I expect it will be hard going, to say the least.
We are also meant to provide a two to three thousand word essay summarising our research so far.
I've just tried to write out the guts of my argument as a series of points (the idea being that each will become several paragraphs).
It should give you a laugh.
It's called 'Perspective painting proves nothing exists':
- There is no intrinsic meaning in the world – neither god nor science.
- Individuals cannot construct meaning, because any such meaning would be fictional.
- No other meaning is possible.
- Therefore, the pursuit of any meaning to life is futile.
- The only way to live life free from illusions is to embrace its meaninglessness.
- However, the individual is embedded in society, a meaning-making machine.
- Social institutions + constructed meaning = social control.
- That leaves avant-garde art and crime.
- As Guy Debord recognised, art occupies a 'privileged position' within society – part of it on one hand, but separate on another.
- It is in this separate sphere that I choose to operate – within pictorial space.
- Consider perspective painting: not as the naturalistic illusionism decried by early modernists but simply as a method of dividing a painted surface to convey meaning – a meaning that says something profound about the way the individual relates to the world.

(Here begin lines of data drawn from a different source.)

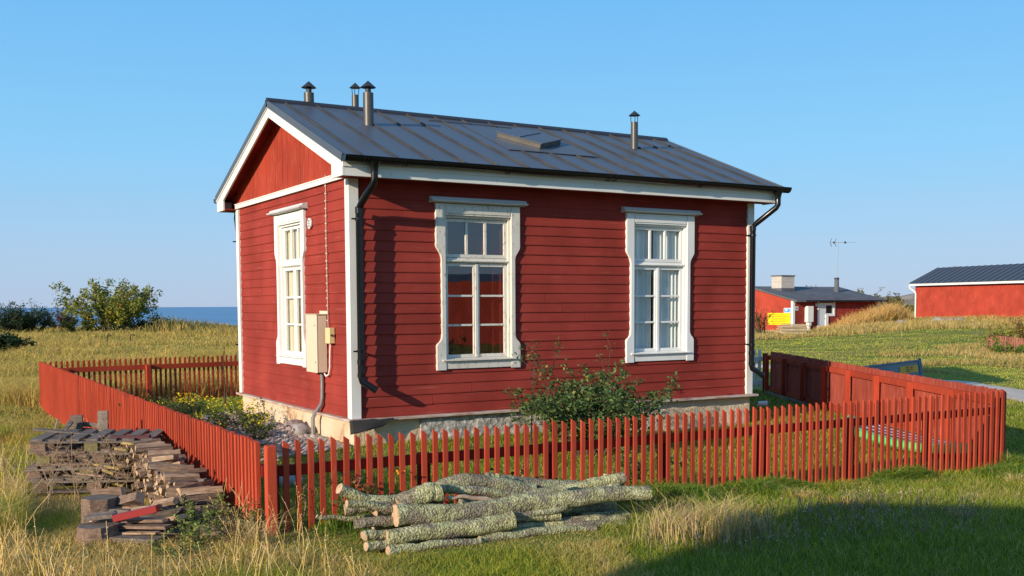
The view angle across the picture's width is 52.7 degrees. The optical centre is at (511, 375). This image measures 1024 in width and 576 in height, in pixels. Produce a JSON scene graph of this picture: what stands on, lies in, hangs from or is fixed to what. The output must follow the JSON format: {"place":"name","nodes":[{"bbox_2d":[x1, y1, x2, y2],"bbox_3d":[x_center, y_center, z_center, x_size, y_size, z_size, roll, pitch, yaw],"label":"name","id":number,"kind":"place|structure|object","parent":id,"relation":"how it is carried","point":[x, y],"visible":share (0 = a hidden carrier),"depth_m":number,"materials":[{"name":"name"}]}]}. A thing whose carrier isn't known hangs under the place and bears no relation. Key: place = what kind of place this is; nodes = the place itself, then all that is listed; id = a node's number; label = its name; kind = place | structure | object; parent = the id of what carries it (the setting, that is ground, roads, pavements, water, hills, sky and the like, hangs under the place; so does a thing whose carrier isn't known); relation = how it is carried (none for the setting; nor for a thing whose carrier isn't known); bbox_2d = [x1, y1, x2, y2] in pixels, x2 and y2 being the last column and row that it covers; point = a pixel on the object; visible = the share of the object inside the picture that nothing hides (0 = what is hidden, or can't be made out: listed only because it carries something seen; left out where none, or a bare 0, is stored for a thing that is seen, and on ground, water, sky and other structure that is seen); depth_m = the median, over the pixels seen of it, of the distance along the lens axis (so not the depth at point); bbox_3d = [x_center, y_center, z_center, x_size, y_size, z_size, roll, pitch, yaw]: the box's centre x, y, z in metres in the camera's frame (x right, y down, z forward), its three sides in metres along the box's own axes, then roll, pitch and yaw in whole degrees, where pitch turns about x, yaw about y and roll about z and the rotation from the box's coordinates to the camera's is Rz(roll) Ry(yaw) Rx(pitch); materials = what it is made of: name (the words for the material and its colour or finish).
{"place":"outdoors","nodes":[
{"label":"outdoors","id":0,"kind":"place"},
{"bbox_2d":[0,307,237,326],"bbox_3d":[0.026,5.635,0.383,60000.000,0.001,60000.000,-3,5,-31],"label":"sea","id":1,"kind":"structure","parent":0,"point":[221,315],"depth_m":853.72,"materials":[{"name":"liquid"}]},
{"bbox_2d":[0,394,693,575],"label":"meadow grass","id":2,"kind":"structure","parent":0,"point":[233,571],"depth_m":7.21,"materials":[{"name":"plant"}]},
{"bbox_2d":[0,305,1023,575],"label":"ground","id":3,"kind":"structure","parent":0,"point":[862,339],"depth_m":8.80,"materials":[{"name":"green plant"}]},
{"bbox_2d":[0,330,37,353],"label":"juniper","id":4,"kind":"object","parent":3,"relation":"on","point":[7,341],"visible":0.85,"depth_m":41.63,"materials":[{"name":"green plant"}]},
{"bbox_2d":[0,298,48,332],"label":"juniper","id":5,"kind":"object","parent":3,"relation":"on","point":[4,324],"visible":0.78,"depth_m":65.69,"materials":[{"name":"green plant"}]},
{"bbox_2d":[0,300,55,333],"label":"juniper","id":6,"kind":"object","parent":3,"relation":"on","point":[30,320],"visible":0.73,"depth_m":66.49,"materials":[{"name":"green plant"}]},
{"bbox_2d":[24,444,64,519],"bbox_3d":[-3.868,0.894,8.563,0.312,0.640,0.373,-3,5,-31],"label":"dry umbel plant","id":7,"kind":"object","parent":3,"relation":"on","point":[52,475],"visible":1,"depth_m":8.59,"materials":[{"name":"beige plant"}]},
{"bbox_2d":[40,433,96,506],"bbox_3d":[-3.923,0.861,9.278,0.405,0.660,0.387,1,4,13],"label":"dry umbel plant","id":8,"kind":"object","parent":3,"relation":"on","point":[76,481],"visible":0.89,"depth_m":9.29,"materials":[{"name":"beige plant"}]},
{"bbox_2d":[45,444,94,512],"bbox_3d":[-3.758,0.880,8.826,0.399,0.638,0.391,0,4,-2],"label":"dry umbel plant","id":9,"kind":"object","parent":3,"relation":"on","point":[90,447],"visible":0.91,"depth_m":8.86,"materials":[{"name":"beige plant"}]},
{"bbox_2d":[31,468,134,492],"bbox_3d":[-4.135,1.029,10.421,1.143,0.184,0.780,-1,4,-11],"label":"pallet","id":10,"kind":"object","parent":3,"relation":"on","point":[88,483],"visible":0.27,"depth_m":10.04,"materials":[{"name":"grey wood"}]},
{"bbox_2d":[25,455,132,481],"bbox_3d":[-4.177,0.908,10.412,1.143,0.165,0.781,-1,4,-7],"label":"pallet","id":11,"kind":"object","parent":10,"relation":"on","point":[29,469],"visible":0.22,"depth_m":10.04,"materials":[{"name":"grey wood"}]},
{"bbox_2d":[35,443,165,465],"bbox_3d":[-4.128,0.781,10.469,1.145,0.161,0.781,-1,4,-12],"label":"pallet","id":12,"kind":"object","parent":11,"relation":"on","point":[62,452],"visible":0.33,"depth_m":10.09,"materials":[{"name":"wood"}]},
{"bbox_2d":[29,429,163,453],"bbox_3d":[-4.165,0.659,10.469,1.146,0.163,0.778,-1,4,-9],"label":"pallet","id":13,"kind":"object","parent":12,"relation":"on","point":[46,438],"visible":0.73,"depth_m":10.19,"materials":[{"name":"grey wood"}]},
{"bbox_2d":[33,428,161,440],"bbox_3d":[-4.210,0.601,10.481,1.409,0.106,0.090,1,4,12],"label":"board","id":14,"kind":"object","parent":13,"relation":"on","point":[57,431],"visible":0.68,"depth_m":10.53,"materials":[{"name":"grey wood"}]},
{"bbox_2d":[110,435,150,448],"bbox_3d":[-3.780,0.656,10.246,0.392,0.133,0.060,0,4,0],"label":"board","id":15,"kind":"object","parent":12,"relation":"on","point":[136,437],"visible":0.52,"depth_m":10.21,"materials":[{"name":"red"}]},
{"bbox_2d":[56,313,114,331],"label":"bush","id":16,"kind":"object","parent":3,"relation":"on","point":[85,323],"visible":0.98,"depth_m":68.31,"materials":[{"name":"green plant"}]},
{"bbox_2d":[75,521,118,544],"bbox_3d":[-3.110,1.204,7.750,0.320,0.172,0.348,-3,5,-31],"label":"chopping stump","id":17,"kind":"object","parent":3,"relation":"on","point":[89,532],"visible":0.81,"depth_m":7.65,"materials":[{"name":"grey wood"}]},
{"bbox_2d":[83,512,116,521],"bbox_3d":[-3.107,1.065,7.800,0.228,0.052,0.100,0,4,0],"label":"board","id":18,"kind":"object","parent":17,"relation":"on","point":[98,517],"visible":0.88,"depth_m":7.75,"materials":[{"name":"grey wood"}]},
{"bbox_2d":[81,494,117,523],"bbox_3d":[-3.288,1.114,8.256,0.308,0.289,0.305,-3,5,-31],"label":"chopping stump","id":19,"kind":"object","parent":3,"relation":"on","point":[96,503],"visible":0.46,"depth_m":8.15,"materials":[{"name":"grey wood"}]},
{"bbox_2d":[90,487,125,495],"bbox_3d":[-3.288,0.950,8.424,0.325,0.089,0.076,-7,1,22],"label":"firewood","id":20,"kind":"object","parent":19,"relation":"on","point":[119,491],"visible":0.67,"depth_m":8.38,"materials":[{"name":"brown wood"}]},
{"bbox_2d":[97,411,107,430],"bbox_3d":[-4.501,0.544,11.374,0.116,0.318,0.043,0,4,0],"label":"board","id":21,"kind":"object","parent":3,"relation":"on","point":[102,420],"visible":0.58,"depth_m":11.36,"materials":[{"name":"grey wood"}]},
{"bbox_2d":[49,278,173,330],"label":"bush","id":22,"kind":"object","parent":3,"relation":"on","point":[123,312],"visible":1,"depth_m":69.16,"materials":[{"name":"green plant"}]},
{"bbox_2d":[44,354,240,401],"bbox_3d":[-4.334,0.069,23.840,12.202,1.263,0.152,-3,5,-38],"label":"picket fence","id":23,"kind":"object","parent":3,"relation":"on","point":[160,366],"visible":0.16,"depth_m":21.57,"materials":[{"name":"red wood"}]},
{"bbox_2d":[123,542,161,547],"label":"firewood","id":24,"kind":"object","parent":3,"relation":"on","point":[146,543],"visible":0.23,"depth_m":7.54,"materials":[{"name":"brown wood"}]},
{"bbox_2d":[109,534,165,542],"bbox_3d":[-2.783,1.210,7.675,0.414,0.034,0.144,0,4,17],"label":"firewood","id":25,"kind":"object","parent":24,"relation":"on","point":[135,538],"visible":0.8,"depth_m":7.64,"materials":[{"name":"grey wood"}]},
{"bbox_2d":[118,531,160,534],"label":"firewood","id":26,"kind":"object","parent":25,"relation":"on","point":[139,532],"visible":0.99,"depth_m":7.71,"materials":[{"name":"brown wood"}]},
{"bbox_2d":[118,523,171,529],"bbox_3d":[-2.765,1.136,7.790,0.423,0.023,0.099,-1,3,17],"label":"firewood","id":27,"kind":"object","parent":26,"relation":"on","point":[144,526],"visible":1,"depth_m":7.76,"materials":[{"name":"brown wood"}]},
{"bbox_2d":[119,517,168,522],"bbox_3d":[-2.785,1.096,7.849,0.398,0.024,0.098,-3,3,18],"label":"firewood","id":28,"kind":"object","parent":27,"relation":"on","point":[148,520],"visible":0.93,"depth_m":7.82,"materials":[{"name":"brown wood"}]},
{"bbox_2d":[112,504,159,521],"bbox_3d":[-2.819,1.032,7.750,0.338,0.122,0.070,0,4,-1],"label":"board","id":29,"kind":"object","parent":28,"relation":"on","point":[135,513],"visible":1,"depth_m":7.72,"materials":[{"name":"red paint"}]},
{"bbox_2d":[77,314,237,333],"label":"shore reeds","id":30,"kind":"object","parent":3,"relation":"on","point":[160,325],"visible":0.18,"depth_m":69.57,"materials":[{"name":"green plant"}]},
{"bbox_2d":[38,361,279,531],"bbox_3d":[-5.509,0.736,14.096,0.163,1.265,14.190,-3,5,-31],"label":"picket fence","id":31,"kind":"object","parent":3,"relation":"on","point":[220,454],"visible":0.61,"depth_m":10.26,"materials":[{"name":"red wood"}]},
{"bbox_2d":[130,526,213,561],"bbox_3d":[-2.345,1.210,7.182,0.520,0.263,0.472,-3,5,-31],"label":"weed","id":32,"kind":"object","parent":3,"relation":"on","point":[155,549],"visible":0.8,"depth_m":7.24,"materials":[{"name":"green plant"}]},
{"bbox_2d":[0,418,368,575],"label":"dry grass stalks","id":33,"kind":"object","parent":3,"relation":"on","point":[70,567],"visible":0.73,"depth_m":6.63,"materials":[{"name":"beige plant"}]},
{"bbox_2d":[166,508,237,547],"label":"weed","id":34,"kind":"object","parent":3,"relation":"on","point":[192,525],"visible":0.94,"depth_m":7.55,"materials":[{"name":"green plant"}]},
{"bbox_2d":[176,493,233,524],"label":"weed","id":35,"kind":"object","parent":3,"relation":"on","point":[218,513],"visible":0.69,"depth_m":7.99,"materials":[{"name":"green plant"}]},
{"bbox_2d":[189,395,236,426],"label":"flowering plant","id":36,"kind":"object","parent":3,"relation":"on","point":[213,416],"visible":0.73,"depth_m":15.98,"materials":[{"name":"green plant"}]},
{"bbox_2d":[217,397,271,430],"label":"flowering plant","id":37,"kind":"object","parent":3,"relation":"on","point":[246,418],"visible":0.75,"depth_m":15.36,"materials":[{"name":"green plant"}]},
{"bbox_2d":[226,498,263,530],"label":"weed","id":38,"kind":"object","parent":3,"relation":"on","point":[251,512],"visible":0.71,"depth_m":8.02,"materials":[{"name":"green plant"}]},
{"bbox_2d":[229,412,277,439],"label":"flowering plant","id":39,"kind":"object","parent":3,"relation":"on","point":[265,429],"visible":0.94,"depth_m":14.53,"materials":[{"name":"green plant"}]},
{"bbox_2d":[264,445,277,535],"bbox_3d":[-1.850,1.152,7.958,0.080,1.235,0.075,-3,5,-31],"label":"fence post","id":40,"kind":"object","parent":3,"relation":"on","point":[270,467],"visible":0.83,"depth_m":7.91,"materials":[{"name":"red wood"}]},
{"bbox_2d":[195,411,350,461],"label":"pebbles","id":41,"kind":"object","parent":3,"relation":"on","point":[278,434],"visible":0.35,"depth_m":14.27,"materials":[{"name":"grey gravel"}]},
{"bbox_2d":[291,423,310,434],"bbox_3d":[-2.967,0.759,14.511,0.278,0.190,0.245,-3,5,-31],"label":"stone","id":42,"kind":"object","parent":3,"relation":"on","point":[300,428],"visible":0.81,"depth_m":14.43,"materials":[{"name":"white stone"}]},
{"bbox_2d":[322,468,405,524],"bbox_3d":[-1.257,0.970,8.362,0.596,0.555,0.829,2,4,29],"label":"flowering plant","id":43,"kind":"object","parent":3,"relation":"on","point":[365,487],"visible":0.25,"depth_m":8.25,"materials":[{"name":"green plant"}]},
{"bbox_2d":[363,540,398,551],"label":"log","id":44,"kind":"object","parent":3,"relation":"on","point":[375,545],"visible":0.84,"depth_m":7.33,"materials":[{"name":"grey wood"}]},
{"bbox_2d":[372,525,409,529],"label":"log","id":45,"kind":"object","parent":3,"relation":"on","point":[383,528],"visible":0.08,"depth_m":7.71,"materials":[{"name":"wood"}]},
{"bbox_2d":[344,497,393,514],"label":"log","id":46,"kind":"object","parent":45,"relation":"on","point":[350,511],"visible":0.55,"depth_m":7.62,"materials":[{"name":"grey wood"}]},
{"bbox_2d":[336,483,444,503],"bbox_3d":[-0.915,0.893,7.811,0.845,0.220,0.099,-2,4,-26],"label":"log","id":47,"kind":"object","parent":46,"relation":"on","point":[345,491],"visible":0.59,"depth_m":7.66,"materials":[{"name":"grey wood"}]},
{"bbox_2d":[386,538,481,554],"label":"log","id":48,"kind":"object","parent":3,"relation":"on","point":[430,544],"visible":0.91,"depth_m":7.45,"materials":[{"name":"grey wood"}]},
{"bbox_2d":[386,511,516,544],"bbox_3d":[-0.444,1.125,7.625,1.025,0.166,0.144,-2,4,-25],"label":"log","id":49,"kind":"object","parent":3,"relation":"on","point":[485,525],"visible":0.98,"depth_m":7.58,"materials":[{"name":"grey wood"}]},
{"bbox_2d":[360,528,395,540],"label":"log","id":50,"kind":"object","parent":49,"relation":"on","point":[371,534],"visible":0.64,"depth_m":7.39,"materials":[{"name":"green wood"}]},
{"bbox_2d":[214,81,791,446],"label":"cottage","id":51,"kind":"structure","parent":3,"relation":"on","point":[404,273],"depth_m":14.85,"materials":[{"name":"red wood"}]},
{"bbox_2d":[266,202,307,367],"bbox_3d":[-3.235,-1.317,15.239,0.280,2.335,1.480,-3,5,-31],"label":"window","id":52,"kind":"structure","parent":51,"relation":"in","point":[290,247],"depth_m":15.40,"materials":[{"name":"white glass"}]},
{"bbox_2d":[429,196,527,370],"bbox_3d":[-0.475,-1.260,14.215,1.480,2.335,0.290,-3,5,-31],"label":"window","id":53,"kind":"structure","parent":51,"relation":"in","point":[504,229],"depth_m":14.28,"materials":[{"name":"white paint"}]},
{"bbox_2d":[621,206,702,362],"bbox_3d":[2.251,-1.383,15.837,1.480,2.335,0.290,-3,5,-31],"label":"window","id":54,"kind":"structure","parent":51,"relation":"in","point":[673,245],"depth_m":15.90,"materials":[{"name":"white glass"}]},
{"bbox_2d":[0,310,1023,408],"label":"field grass","id":55,"kind":"structure","parent":3,"relation":"on","point":[24,390],"depth_m":40.63,"materials":[{"name":"yellow plant"}]},
{"bbox_2d":[0,424,1023,575],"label":"grass tussocks","id":56,"kind":"object","parent":3,"relation":"on","point":[24,440],"depth_m":7.77,"materials":[{"name":"green plant"}]},
{"bbox_2d":[528,337,541,455],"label":"rose shoot","id":57,"kind":"object","parent":3,"relation":"on","point":[535,356],"visible":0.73,"depth_m":13.33,"materials":[{"name":"green plant"}]},
{"bbox_2d":[478,525,596,542],"bbox_3d":[0.205,1.201,7.899,0.995,0.086,0.083,-2,4,-25],"label":"log","id":58,"kind":"object","parent":3,"relation":"on","point":[513,535],"visible":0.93,"depth_m":7.86,"materials":[{"name":"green wood"}]},
{"bbox_2d":[501,520,626,531],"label":"log","id":59,"kind":"object","parent":3,"relation":"on","point":[597,523],"visible":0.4,"depth_m":8.13,"materials":[{"name":"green wood"}]},
{"bbox_2d":[516,514,626,528],"bbox_3d":[0.453,1.174,8.167,0.975,0.145,0.120,-2,4,-22],"label":"log","id":60,"kind":"object","parent":3,"relation":"on","point":[563,520],"visible":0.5,"depth_m":8.13,"materials":[{"name":"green wood"}]},
{"bbox_2d":[410,513,560,525],"bbox_3d":[-0.186,1.111,7.831,1.231,0.089,0.077,-2,4,-25],"label":"log","id":61,"kind":"object","parent":60,"relation":"on","point":[555,517],"visible":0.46,"depth_m":8.00,"materials":[{"name":"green wood"}]},
{"bbox_2d":[392,484,651,526],"bbox_3d":[0.127,0.996,7.999,2.157,0.197,0.169,-2,4,-24],"label":"log","id":62,"kind":"object","parent":61,"relation":"on","point":[411,514],"visible":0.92,"depth_m":7.90,"materials":[{"name":"grey wood"}]},
{"bbox_2d":[345,500,392,512],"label":"log","id":63,"kind":"object","parent":62,"relation":"on","point":[372,505],"visible":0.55,"depth_m":7.51,"materials":[{"name":"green wood"}]},
{"bbox_2d":[354,515,394,529],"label":"log","id":64,"kind":"object","parent":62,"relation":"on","point":[376,521],"visible":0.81,"depth_m":7.53,"materials":[{"name":"grey wood"}]},
{"bbox_2d":[394,482,443,503],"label":"log","id":65,"kind":"object","parent":62,"relation":"on","point":[427,492],"visible":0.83,"depth_m":7.65,"materials":[{"name":"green wood"}]},
{"bbox_2d":[446,494,495,500],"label":"branch","id":66,"kind":"object","parent":62,"relation":"on","point":[474,498],"visible":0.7,"depth_m":7.85,"materials":[{"name":"grey wood"}]},
{"bbox_2d":[482,506,567,518],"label":"log","id":67,"kind":"object","parent":61,"relation":"on","point":[539,512],"visible":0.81,"depth_m":7.98,"materials":[{"name":"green wood"}]},
{"bbox_2d":[561,502,616,516],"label":"log","id":68,"kind":"object","parent":3,"relation":"on","point":[597,507],"visible":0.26,"depth_m":8.53,"materials":[{"name":"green wood"}]},
{"bbox_2d":[566,472,626,489],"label":"log","id":69,"kind":"object","parent":68,"relation":"on","point":[620,478],"visible":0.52,"depth_m":8.57,"materials":[{"name":"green wood"}]},
{"bbox_2d":[491,473,578,487],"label":"log","id":70,"kind":"object","parent":69,"relation":"on","point":[540,483],"visible":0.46,"depth_m":8.44,"materials":[{"name":"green wood"}]},
{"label":"log","id":71,"kind":"object","parent":68,"relation":"on","visible":0},
{"bbox_2d":[436,472,536,494],"bbox_3d":[-0.252,0.878,8.103,0.945,0.251,0.136,-2,4,-24],"label":"log","id":72,"kind":"object","parent":71,"relation":"on","point":[496,481],"visible":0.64,"depth_m":8.09,"materials":[{"name":"grey wood"}]},
{"bbox_2d":[503,338,679,457],"bbox_3d":[0.897,0.282,13.404,2.532,1.582,2.494,0,4,7],"label":"rose bush","id":73,"kind":"object","parent":3,"relation":"on","point":[618,403],"visible":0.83,"depth_m":13.18,"materials":[{"name":"green plant"}]},
{"bbox_2d":[279,389,1004,531],"bbox_3d":[2.043,0.956,10.274,8.897,1.275,0.152,-2,4,-29],"label":"picket fence","id":74,"kind":"object","parent":3,"relation":"on","point":[760,433],"visible":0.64,"depth_m":10.07,"materials":[{"name":"red wood"}]},
{"bbox_2d":[606,428,689,484],"bbox_3d":[1.364,0.881,10.721,0.796,0.618,0.971,4,5,44],"label":"rose shoot","id":75,"kind":"object","parent":3,"relation":"on","point":[639,468],"visible":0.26,"depth_m":10.72,"materials":[{"name":"green"}]},
{"bbox_2d":[295,451,1023,547],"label":"fence foot grass","id":76,"kind":"structure","parent":3,"relation":"on","point":[1009,464],"depth_m":10.05,"materials":[{"name":"green plant"}]},
{"bbox_2d":[591,484,803,551],"bbox_3d":[1.521,1.057,7.827,1.365,0.369,1.543,2,5,33],"label":"straw tuft","id":77,"kind":"object","parent":3,"relation":"on","point":[707,521],"visible":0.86,"depth_m":7.75,"materials":[{"name":"beige plant"}]},
{"bbox_2d":[752,350,762,387],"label":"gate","id":78,"kind":"structure","parent":3,"relation":"on","point":[758,359],"depth_m":23.34,"materials":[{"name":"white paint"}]},
{"bbox_2d":[755,303,775,333],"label":"bush","id":79,"kind":"object","parent":3,"relation":"on","point":[758,319],"visible":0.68,"depth_m":66.89,"materials":[{"name":"brown plant"}]},
{"bbox_2d":[755,275,888,331],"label":"red house","id":80,"kind":"structure","parent":3,"relation":"on","point":[785,299],"depth_m":71.94,"materials":[{"name":"red wood"}]},
{"bbox_2d":[660,484,1019,561],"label":"dead weeds","id":81,"kind":"object","parent":3,"relation":"on","point":[855,513],"visible":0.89,"depth_m":8.01,"materials":[{"name":"brown plant"}]},
{"bbox_2d":[764,351,1006,463],"bbox_3d":[5.788,0.437,17.755,0.149,1.262,10.762,0,4,-1],"label":"board fence","id":82,"kind":"object","parent":3,"relation":"on","point":[808,380],"visible":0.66,"depth_m":17.41,"materials":[{"name":"red wood"}]},
{"bbox_2d":[864,358,922,376],"bbox_3d":[7.800,0.069,23.357,3.889,0.832,1.578,-4,5,-41],"label":"trailer","id":83,"kind":"object","parent":3,"relation":"on","point":[912,367],"visible":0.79,"depth_m":23.74,"materials":[{"name":"blue"}]},
{"bbox_2d":[847,415,972,453],"bbox_3d":[5.333,0.821,14.139,0.740,0.230,3.244,-1,4,-7],"label":"paddle board","id":84,"kind":"object","parent":3,"relation":"on","point":[860,433],"visible":0.24,"depth_m":13.79,"materials":[{"name":"green"}]},
{"bbox_2d":[909,263,1023,317],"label":"long red barn","id":85,"kind":"structure","parent":3,"relation":"on","point":[986,290],"depth_m":73.81,"materials":[{"name":"red wood"}]},
{"bbox_2d":[968,323,1021,349],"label":"bush","id":86,"kind":"object","parent":3,"relation":"on","point":[1007,332],"visible":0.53,"depth_m":39.22,"materials":[{"name":"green plant"}]},
{"bbox_2d":[984,337,1023,354],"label":"bush","id":87,"kind":"object","parent":3,"relation":"on","point":[1018,349],"visible":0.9,"depth_m":37.15,"materials":[{"name":"green plant"}]},
{"bbox_2d":[986,335,1023,351],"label":"picket fence","id":88,"kind":"object","parent":3,"relation":"on","point":[1016,342],"visible":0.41,"depth_m":38.30,"materials":[{"name":"red wood"}]},
{"bbox_2d":[990,312,1023,347],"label":"bush","id":89,"kind":"object","parent":3,"relation":"on","point":[1020,327],"visible":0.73,"depth_m":38.97,"materials":[{"name":"green plant"}]},
{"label":"log","id":90,"kind":"object","parent":3,"relation":"on","visible":0},
{"bbox_2d":[315,514,391,521],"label":"branch","id":91,"kind":"object","parent":90,"relation":"on","point":[342,518],"visible":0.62,"depth_m":7.72,"materials":[{"name":"grey plant"}]},
{"bbox_2d":[457,483,567,502],"bbox_3d":[0.011,0.960,8.162,0.933,0.156,0.116,-2,4,-24],"label":"log","id":92,"kind":"object","parent":90,"relation":"on","point":[560,487],"visible":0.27,"depth_m":8.24,"materials":[{"name":"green wood"}]},
{"bbox_2d":[439,484,523,497],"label":"log","id":93,"kind":"object","parent":92,"relation":"on","point":[471,490],"visible":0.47,"depth_m":7.96,"materials":[{"name":"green wood"}]},
{"bbox_2d":[0,0,1023,307],"label":"sky","id":94,"kind":"structure","parent":0,"point":[895,128],"materials":[{"name":"blue"}]},
{"bbox_2d":[153,385,1023,575],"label":"lawn grass","id":95,"kind":"structure","parent":0,"point":[1012,491],"depth_m":8.30,"materials":[{"name":"green plant"}]},
{"bbox_2d":[814,300,912,328],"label":"tall dry grass","id":96,"kind":"structure","parent":0,"point":[865,316],"depth_m":71.52,"materials":[{"name":"beige plant"}]},
{"bbox_2d":[755,364,1023,401],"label":"gravel road","id":97,"kind":"structure","parent":0,"point":[1014,393],"depth_m":23.29,"materials":[{"name":"grey gravel"}]},
{"label":"firewood","id":98,"kind":"object","parent":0,"visible":0},
{"bbox_2d":[160,463,193,471],"bbox_3d":[-2.954,0.818,9.122,0.293,0.086,0.088,4,2,-17],"label":"firewood","id":99,"kind":"object","parent":98,"relation":"on","point":[170,467],"visible":0.63,"depth_m":9.08,"materials":[{"name":"brown wood"}]},
{"label":"firewood","id":100,"kind":"object","parent":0,"visible":0},
{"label":"firewood","id":101,"kind":"object","parent":100,"relation":"on","visible":0},
{"bbox_2d":[179,486,222,496],"bbox_3d":[-2.542,0.953,8.459,0.338,0.086,0.079,-3,5,-22],"label":"firewood","id":102,"kind":"object","parent":101,"relation":"on","point":[197,491],"visible":0.89,"depth_m":8.43,"materials":[{"name":"brown wood"}]},
{"label":"firewood","id":103,"kind":"object","parent":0,"visible":0},
{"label":"firewood","id":104,"kind":"object","parent":103,"relation":"on","visible":0},
{"bbox_2d":[164,473,199,483],"bbox_3d":[-2.823,0.876,8.830,0.298,0.086,0.082,1,3,-27],"label":"firewood","id":105,"kind":"object","parent":104,"relation":"on","point":[168,477],"visible":0.71,"depth_m":8.79,"materials":[{"name":"brown wood"}]},
{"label":"firewood","id":106,"kind":"object","parent":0,"visible":0},
{"label":"firewood","id":107,"kind":"object","parent":106,"relation":"on","visible":0},
{"bbox_2d":[116,491,144,505],"bbox_3d":[-3.043,0.994,8.232,0.251,0.119,0.123,-16,-4,30],"label":"firewood","id":108,"kind":"object","parent":107,"relation":"on","point":[136,498],"visible":0.97,"depth_m":8.19,"materials":[{"name":"brown wood"}]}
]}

- The first step in constructing a perspective scheme is locating the viewer in relation to the space to be portrayed – this gives you the 'visual pyramid' from the viewer's eye to the corners of the picture surface, which is to be considered as a window on that space.
- That is, space is relative – an object's position in space is not absolute but relative to other objects from a given point of view.
- As Kant points out, this means that perception of space (and time) is an a priori property of the viewer's mind.
- The viewing subject gives the world coherence through perception of space and time. In turn, perceiving the world as coherent gives the subject coherence.
- However, neither the subject nor the world is a coherent unity. Both subject and world are made up of contradictory elements. Any apparent unity is an illusion produced by the mind. Neither self nor world exist.
- Perspective painting encodes the process by which both self and world are fictively constructed.
Perspective painting proves nothing exists.
2 comments:
On point 8: buddhism.
Suicide.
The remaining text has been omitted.